Those lines of the records that contain "order" are to be located and copied.

> **Records supplied**
+--
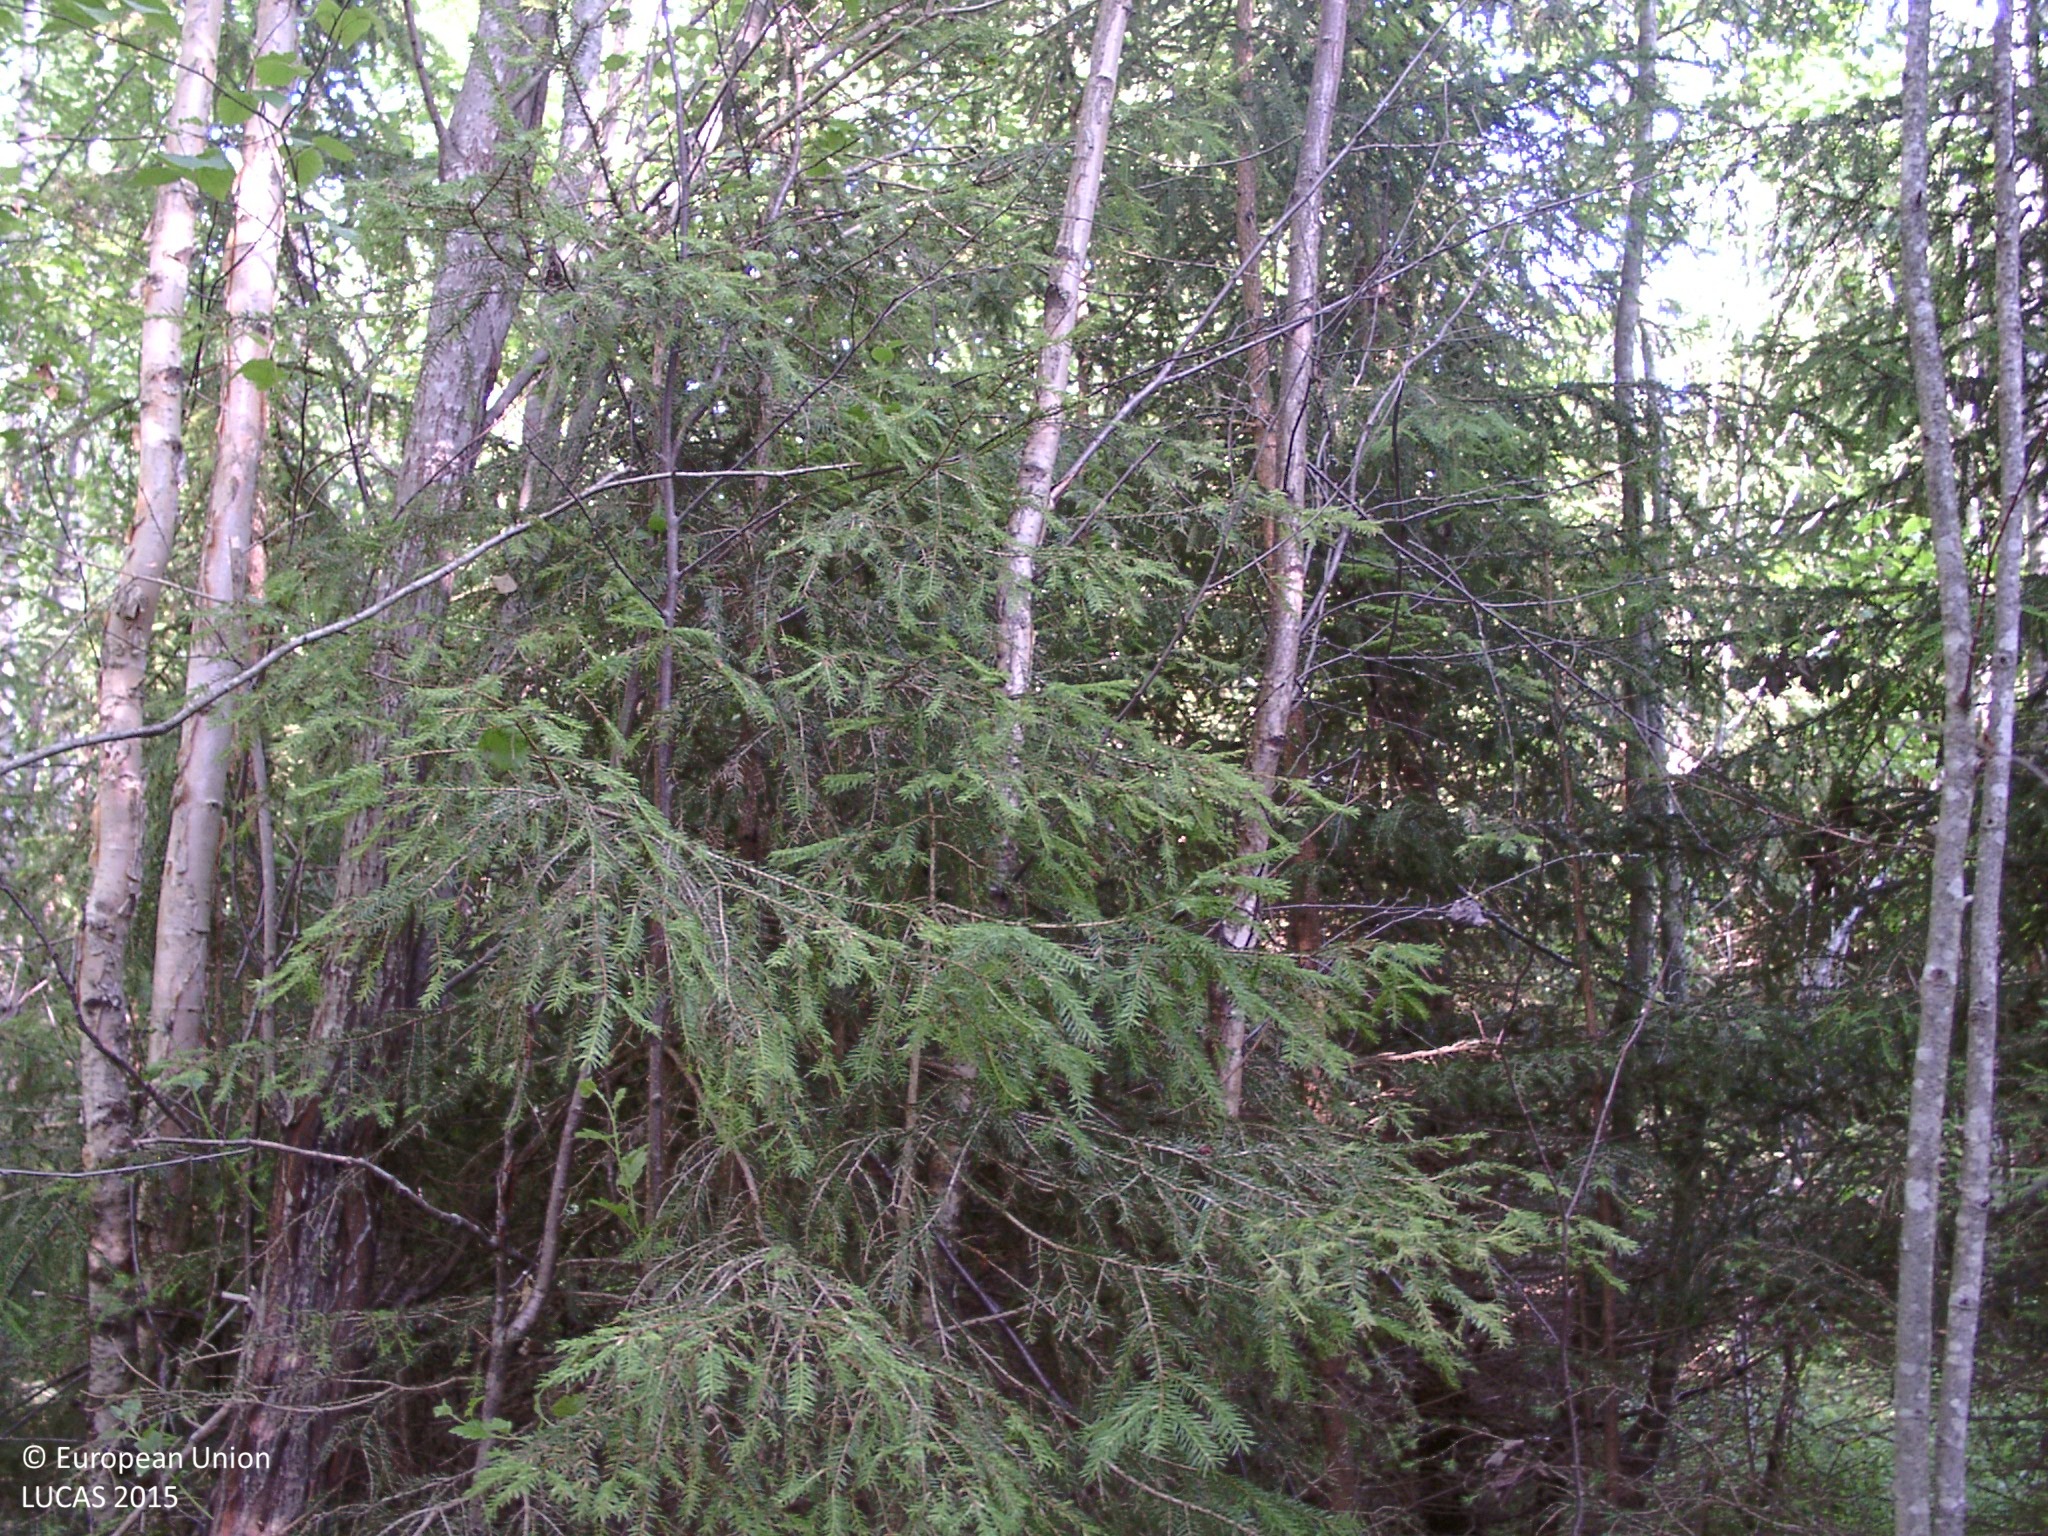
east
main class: Woodland
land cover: Spruce dominated mixed woodland
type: boreal forest
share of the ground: > 75 %
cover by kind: broadleaved forest trees 60 %, coniferous forest trees 25 %, herbaceous plants 10 %, unconsolidated bare surface 5 %
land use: Forestry
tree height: > 5 m
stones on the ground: < 10 %
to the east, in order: Spruce dominated mixed woodland; Artificial constructions in urban areas; Pine dominated mixed woodland; Inland fresh water bodies
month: July
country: FI
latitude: 61.5860
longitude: 25.2803
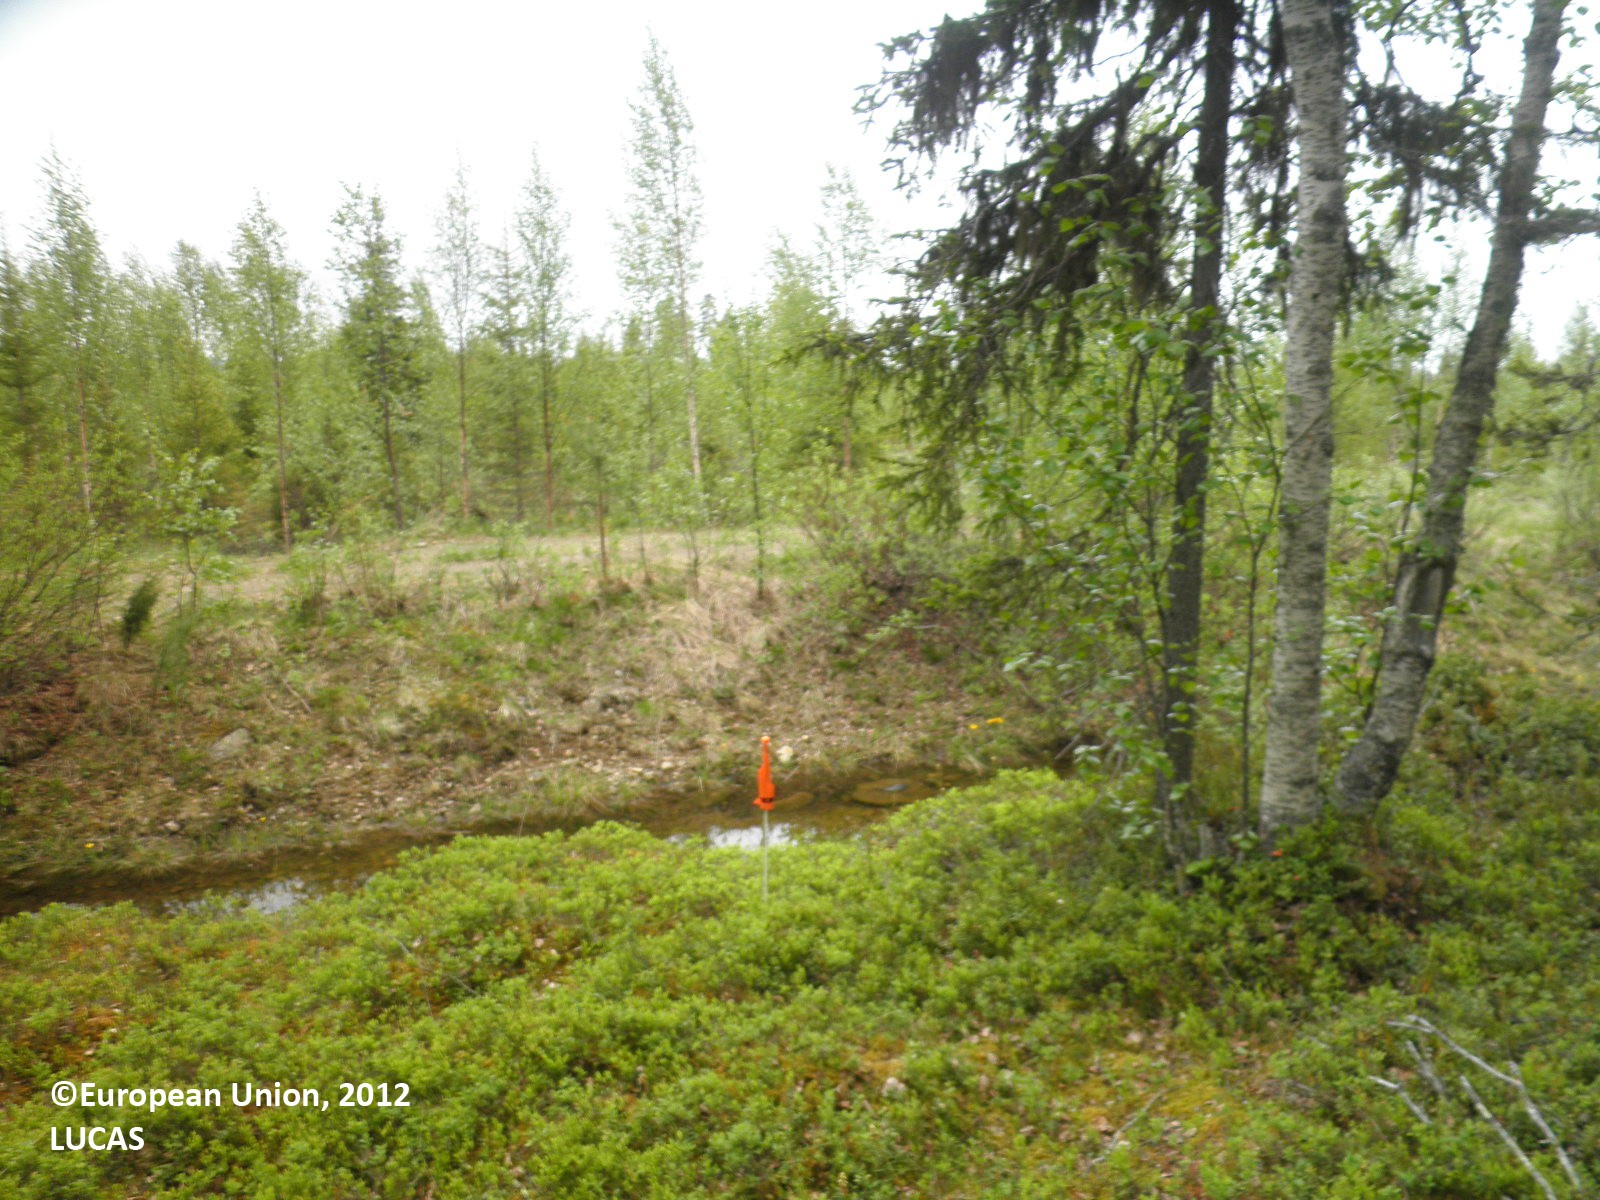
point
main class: Woodland
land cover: Spruce dominated mixed woodland
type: boreal forest
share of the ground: 25 - 50 %
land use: Forestry
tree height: > 5 m
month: June
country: FI
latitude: 67.8191
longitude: 25.6897
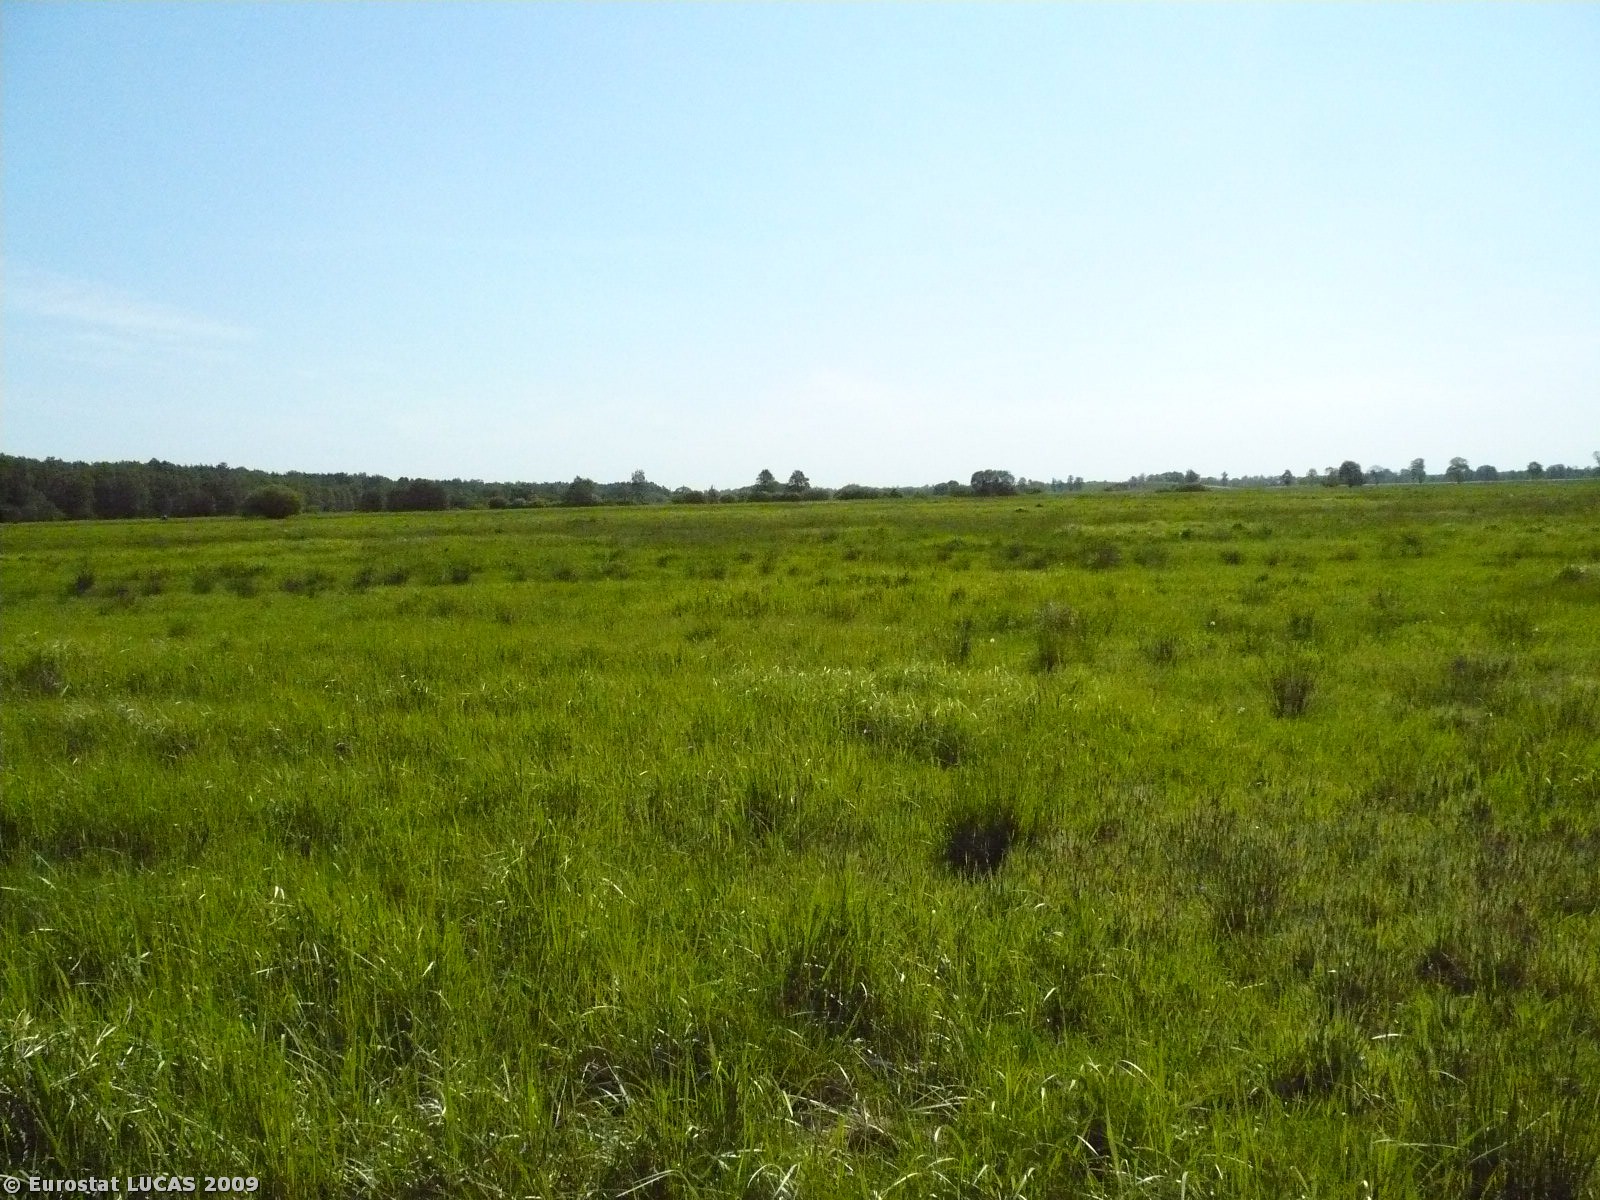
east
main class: Grassland
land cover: Grassland without tree/shrub cover
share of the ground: > 75 %
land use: Agriculture (excluding fallow land and kitchen gardens)
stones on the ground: < 10 %
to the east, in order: Grassland without tree/shrub cover; Ditches and canals; Grassland without tree/shrub cover; Ditches and canals; Grassland without tree/shrub cover
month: May
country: PL
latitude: 51.8465
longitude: 15.6514
+--
> **Solution to this exercise**
to the east, in order: Spruce dominated mixed woodland; Artificial constructions in urban areas; Pine dominated mixed woodland; Inland fresh water bodies
to the east, in order: Grassland without tree/shrub cover; Ditches and canals; Grassland without tree/shrub cover; Ditches and canals; Grassland without tree/shrub cover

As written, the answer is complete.